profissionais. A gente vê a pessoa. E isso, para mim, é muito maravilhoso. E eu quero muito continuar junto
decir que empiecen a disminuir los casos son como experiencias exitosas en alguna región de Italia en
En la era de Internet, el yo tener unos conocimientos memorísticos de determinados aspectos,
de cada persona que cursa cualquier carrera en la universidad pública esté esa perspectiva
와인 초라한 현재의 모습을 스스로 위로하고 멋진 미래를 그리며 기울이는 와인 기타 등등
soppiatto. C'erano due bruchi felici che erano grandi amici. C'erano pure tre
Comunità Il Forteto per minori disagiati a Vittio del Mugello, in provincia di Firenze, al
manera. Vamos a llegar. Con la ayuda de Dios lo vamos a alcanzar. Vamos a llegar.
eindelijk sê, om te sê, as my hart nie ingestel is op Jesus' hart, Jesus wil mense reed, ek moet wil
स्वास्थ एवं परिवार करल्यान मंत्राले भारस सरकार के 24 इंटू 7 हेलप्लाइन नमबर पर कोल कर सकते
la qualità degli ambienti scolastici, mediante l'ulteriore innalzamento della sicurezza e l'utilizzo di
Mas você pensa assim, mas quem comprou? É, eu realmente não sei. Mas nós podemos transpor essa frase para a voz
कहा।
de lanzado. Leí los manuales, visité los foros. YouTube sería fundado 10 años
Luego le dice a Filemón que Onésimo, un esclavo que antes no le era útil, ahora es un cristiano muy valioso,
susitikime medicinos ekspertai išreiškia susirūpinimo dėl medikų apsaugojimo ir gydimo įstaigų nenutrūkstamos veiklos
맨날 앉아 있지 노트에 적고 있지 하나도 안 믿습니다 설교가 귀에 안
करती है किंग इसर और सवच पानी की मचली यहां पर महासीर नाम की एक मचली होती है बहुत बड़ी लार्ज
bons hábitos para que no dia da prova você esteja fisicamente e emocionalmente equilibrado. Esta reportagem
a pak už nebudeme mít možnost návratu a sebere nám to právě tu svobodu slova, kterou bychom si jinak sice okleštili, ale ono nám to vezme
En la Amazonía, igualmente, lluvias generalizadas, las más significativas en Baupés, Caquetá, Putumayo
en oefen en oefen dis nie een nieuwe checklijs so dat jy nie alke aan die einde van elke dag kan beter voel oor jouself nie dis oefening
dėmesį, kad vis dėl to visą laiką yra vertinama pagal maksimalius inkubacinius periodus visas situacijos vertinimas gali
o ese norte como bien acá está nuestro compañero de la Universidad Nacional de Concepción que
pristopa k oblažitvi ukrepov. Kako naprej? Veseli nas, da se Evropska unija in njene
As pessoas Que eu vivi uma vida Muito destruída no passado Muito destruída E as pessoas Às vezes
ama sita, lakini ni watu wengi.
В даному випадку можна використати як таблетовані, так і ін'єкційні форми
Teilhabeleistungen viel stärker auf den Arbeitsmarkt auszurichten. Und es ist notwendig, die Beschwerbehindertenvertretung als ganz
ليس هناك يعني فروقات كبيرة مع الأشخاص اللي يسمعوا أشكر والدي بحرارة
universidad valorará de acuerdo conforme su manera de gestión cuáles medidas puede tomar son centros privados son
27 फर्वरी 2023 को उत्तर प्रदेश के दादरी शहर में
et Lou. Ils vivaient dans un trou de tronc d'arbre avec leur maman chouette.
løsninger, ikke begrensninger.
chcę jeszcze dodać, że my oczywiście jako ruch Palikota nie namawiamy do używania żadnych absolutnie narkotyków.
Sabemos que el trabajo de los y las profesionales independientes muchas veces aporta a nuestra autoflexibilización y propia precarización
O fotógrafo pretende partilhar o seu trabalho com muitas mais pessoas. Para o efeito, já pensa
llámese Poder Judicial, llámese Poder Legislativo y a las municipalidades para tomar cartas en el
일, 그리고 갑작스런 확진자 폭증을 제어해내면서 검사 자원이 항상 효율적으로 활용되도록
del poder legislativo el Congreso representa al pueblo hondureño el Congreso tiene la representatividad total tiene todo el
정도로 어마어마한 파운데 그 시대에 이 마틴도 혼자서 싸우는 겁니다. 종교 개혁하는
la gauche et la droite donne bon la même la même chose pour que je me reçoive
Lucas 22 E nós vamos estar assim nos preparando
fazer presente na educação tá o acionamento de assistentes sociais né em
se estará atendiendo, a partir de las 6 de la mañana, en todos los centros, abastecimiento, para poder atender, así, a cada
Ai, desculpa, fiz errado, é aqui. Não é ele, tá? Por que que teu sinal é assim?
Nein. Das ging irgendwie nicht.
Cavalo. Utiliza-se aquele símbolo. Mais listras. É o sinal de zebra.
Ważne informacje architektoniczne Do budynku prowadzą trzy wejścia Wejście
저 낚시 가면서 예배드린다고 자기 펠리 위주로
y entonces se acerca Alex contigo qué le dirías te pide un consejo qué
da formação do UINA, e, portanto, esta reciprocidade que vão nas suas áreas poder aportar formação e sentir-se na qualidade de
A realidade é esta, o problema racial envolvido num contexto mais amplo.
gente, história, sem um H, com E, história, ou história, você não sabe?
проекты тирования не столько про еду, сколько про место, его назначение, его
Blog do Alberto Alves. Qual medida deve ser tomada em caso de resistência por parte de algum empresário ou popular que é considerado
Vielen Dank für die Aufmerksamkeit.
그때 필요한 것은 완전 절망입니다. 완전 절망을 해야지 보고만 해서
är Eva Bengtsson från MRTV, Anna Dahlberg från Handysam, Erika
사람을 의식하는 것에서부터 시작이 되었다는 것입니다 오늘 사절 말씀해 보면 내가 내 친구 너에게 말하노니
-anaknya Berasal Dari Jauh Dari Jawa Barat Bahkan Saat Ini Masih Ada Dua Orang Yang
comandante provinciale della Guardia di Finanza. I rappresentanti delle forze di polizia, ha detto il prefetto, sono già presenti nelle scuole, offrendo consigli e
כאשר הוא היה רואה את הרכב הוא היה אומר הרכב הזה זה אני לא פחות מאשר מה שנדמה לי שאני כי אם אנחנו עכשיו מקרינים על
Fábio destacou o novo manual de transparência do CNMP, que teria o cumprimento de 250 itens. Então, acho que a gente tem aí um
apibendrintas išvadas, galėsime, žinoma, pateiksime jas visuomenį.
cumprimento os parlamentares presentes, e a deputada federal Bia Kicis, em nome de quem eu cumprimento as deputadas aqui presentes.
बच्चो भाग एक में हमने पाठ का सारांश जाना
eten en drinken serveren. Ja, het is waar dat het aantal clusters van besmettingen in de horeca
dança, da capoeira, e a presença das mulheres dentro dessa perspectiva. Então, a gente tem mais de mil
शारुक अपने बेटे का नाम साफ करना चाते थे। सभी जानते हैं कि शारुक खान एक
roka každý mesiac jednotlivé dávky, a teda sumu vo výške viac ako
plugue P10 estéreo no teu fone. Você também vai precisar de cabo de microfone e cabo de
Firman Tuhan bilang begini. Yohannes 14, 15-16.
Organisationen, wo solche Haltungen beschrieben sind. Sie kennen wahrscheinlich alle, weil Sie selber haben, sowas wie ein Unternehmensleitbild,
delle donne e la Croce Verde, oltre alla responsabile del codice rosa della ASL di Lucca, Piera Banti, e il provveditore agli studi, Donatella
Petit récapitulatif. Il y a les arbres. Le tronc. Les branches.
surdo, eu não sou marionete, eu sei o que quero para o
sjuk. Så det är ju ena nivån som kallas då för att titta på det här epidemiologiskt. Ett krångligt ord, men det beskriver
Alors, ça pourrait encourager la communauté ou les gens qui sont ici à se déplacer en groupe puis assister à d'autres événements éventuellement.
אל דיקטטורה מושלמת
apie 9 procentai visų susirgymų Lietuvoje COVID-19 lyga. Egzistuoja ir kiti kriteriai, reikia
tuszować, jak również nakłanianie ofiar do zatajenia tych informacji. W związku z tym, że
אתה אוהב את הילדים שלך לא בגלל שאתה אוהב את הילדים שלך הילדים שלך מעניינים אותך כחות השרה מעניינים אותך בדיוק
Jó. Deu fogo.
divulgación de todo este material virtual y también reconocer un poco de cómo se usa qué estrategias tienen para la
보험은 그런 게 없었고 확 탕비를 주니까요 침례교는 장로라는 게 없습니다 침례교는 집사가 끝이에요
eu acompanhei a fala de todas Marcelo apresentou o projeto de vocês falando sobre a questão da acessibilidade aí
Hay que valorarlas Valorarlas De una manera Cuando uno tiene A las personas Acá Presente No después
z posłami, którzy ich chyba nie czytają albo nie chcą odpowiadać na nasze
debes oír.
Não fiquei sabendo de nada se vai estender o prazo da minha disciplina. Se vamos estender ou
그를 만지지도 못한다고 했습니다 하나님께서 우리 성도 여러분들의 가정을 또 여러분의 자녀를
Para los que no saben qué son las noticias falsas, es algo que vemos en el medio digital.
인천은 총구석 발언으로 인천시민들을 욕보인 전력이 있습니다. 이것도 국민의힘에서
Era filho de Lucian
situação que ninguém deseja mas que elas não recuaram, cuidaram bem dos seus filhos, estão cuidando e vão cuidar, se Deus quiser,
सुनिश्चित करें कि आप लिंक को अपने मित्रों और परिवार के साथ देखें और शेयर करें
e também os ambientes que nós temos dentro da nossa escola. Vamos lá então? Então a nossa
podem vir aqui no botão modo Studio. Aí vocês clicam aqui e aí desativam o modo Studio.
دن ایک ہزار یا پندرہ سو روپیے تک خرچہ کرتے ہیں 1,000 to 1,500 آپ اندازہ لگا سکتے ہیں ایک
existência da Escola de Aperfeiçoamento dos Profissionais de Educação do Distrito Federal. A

## DIRECTIONS
As listed above, the lines from the line with "शारुक अपने बेटे" to the line with "Firman Tuhan bilang" are to be echoed exactly, with both ends included and nothing added.

## ANSWER AREA
शारुक अपने बेटे का नाम साफ करना चाते थे। सभी जानते हैं कि शारुक खान एक
roka každý mesiac jednotlivé dávky, a teda sumu vo výške viac ako
plugue P10 estéreo no teu fone. Você também vai precisar de cabo de microfone e cabo de
Firman Tuhan bilang begini. Yohannes 14, 15-16.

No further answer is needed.